Yesterday, I was browsing Shantanu’s blog and stumbled upon an insightful article about how India became poor.
How a gang of venal British traders, bankers, mercenary army-men and power brokers represented by the East India Company went about savaging India is a sordid tale that makes my blood boil. Their behaviour is akin to a pack of hyenas pouncing upon a wounded deer. In 1757 when the Battle of Plassey was fought with treachery (only 300 British soldiers led by Robert Clive “defeated” 18,000 of Nawab’s crack troops in a mere 40 minutes), India was a land full of milk and honey.
The British — coming from a poor country of Europe — were dazzled with the wealth of Bengal. But in a mere 100 years, they had destroyed India’s irrigation system, public institutions, education system and elaborate system of industries, and reduced the once-proud country to beggary, destitution and illiteracy. (From a near total literacy prevailing here when the British captured India, they managed to bring the literacy rate down to only 6 percent by 1901. This they achieved by derecognising the age-old traditional village schools and stopping all grants to them.)

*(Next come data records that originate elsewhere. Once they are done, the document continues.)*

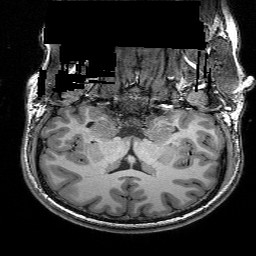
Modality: T1w
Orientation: sagittal
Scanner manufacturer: siemens
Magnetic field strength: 3 T
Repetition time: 2.25 s
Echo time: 0.00418 s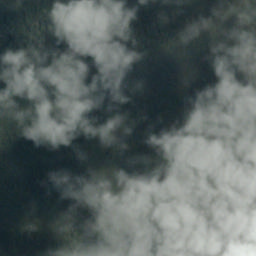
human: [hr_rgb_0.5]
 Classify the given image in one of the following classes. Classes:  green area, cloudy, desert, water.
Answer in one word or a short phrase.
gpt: cloudy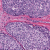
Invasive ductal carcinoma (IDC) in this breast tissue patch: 0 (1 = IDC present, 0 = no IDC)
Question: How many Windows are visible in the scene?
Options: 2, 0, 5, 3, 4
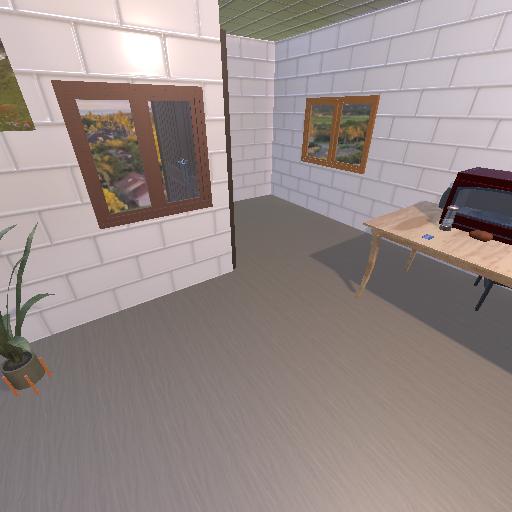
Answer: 2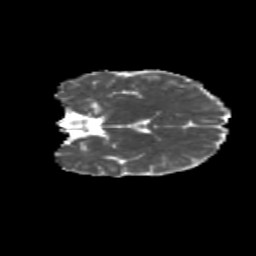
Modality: MD
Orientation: coronal
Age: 9
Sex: male
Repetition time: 9.512 s
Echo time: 0.089 s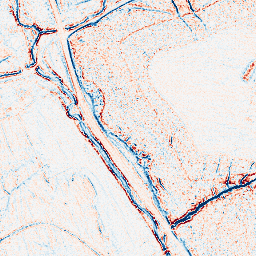
Category: edge_preserving
Decomposition family: bilateral
Decomposition parameters: d: 5
sigma_color: 75
sigma_space: 150
Upsampling method: bilinear
Upsampling parameters: scale: 8
Upsampling scale: 8

The province of Bengal (which included today’s Bihar, West Bengal, Bangladesh and Orissa) was so fertile that it was called the granary of India. But within a mere five years of the Company acquiring total political control of Bengal, it created conditions that led to 10 million people — one third of Bengal’s total population — dying in a famine in 1769. Never before in Indian history had something like this happened.
My friend Kosla Vepa says that this genocide was deliberate and the British objective was to depopulate the continent, much like what they did to Americas by exterminating the Red Indians. Once the Indians were exterminated, the Brits would have coolly settled down in this land and repopulated it with Whites. They were not successful because the Indian population was simply too large to be finished off, no matter how hard the Brits orchestrated the famines.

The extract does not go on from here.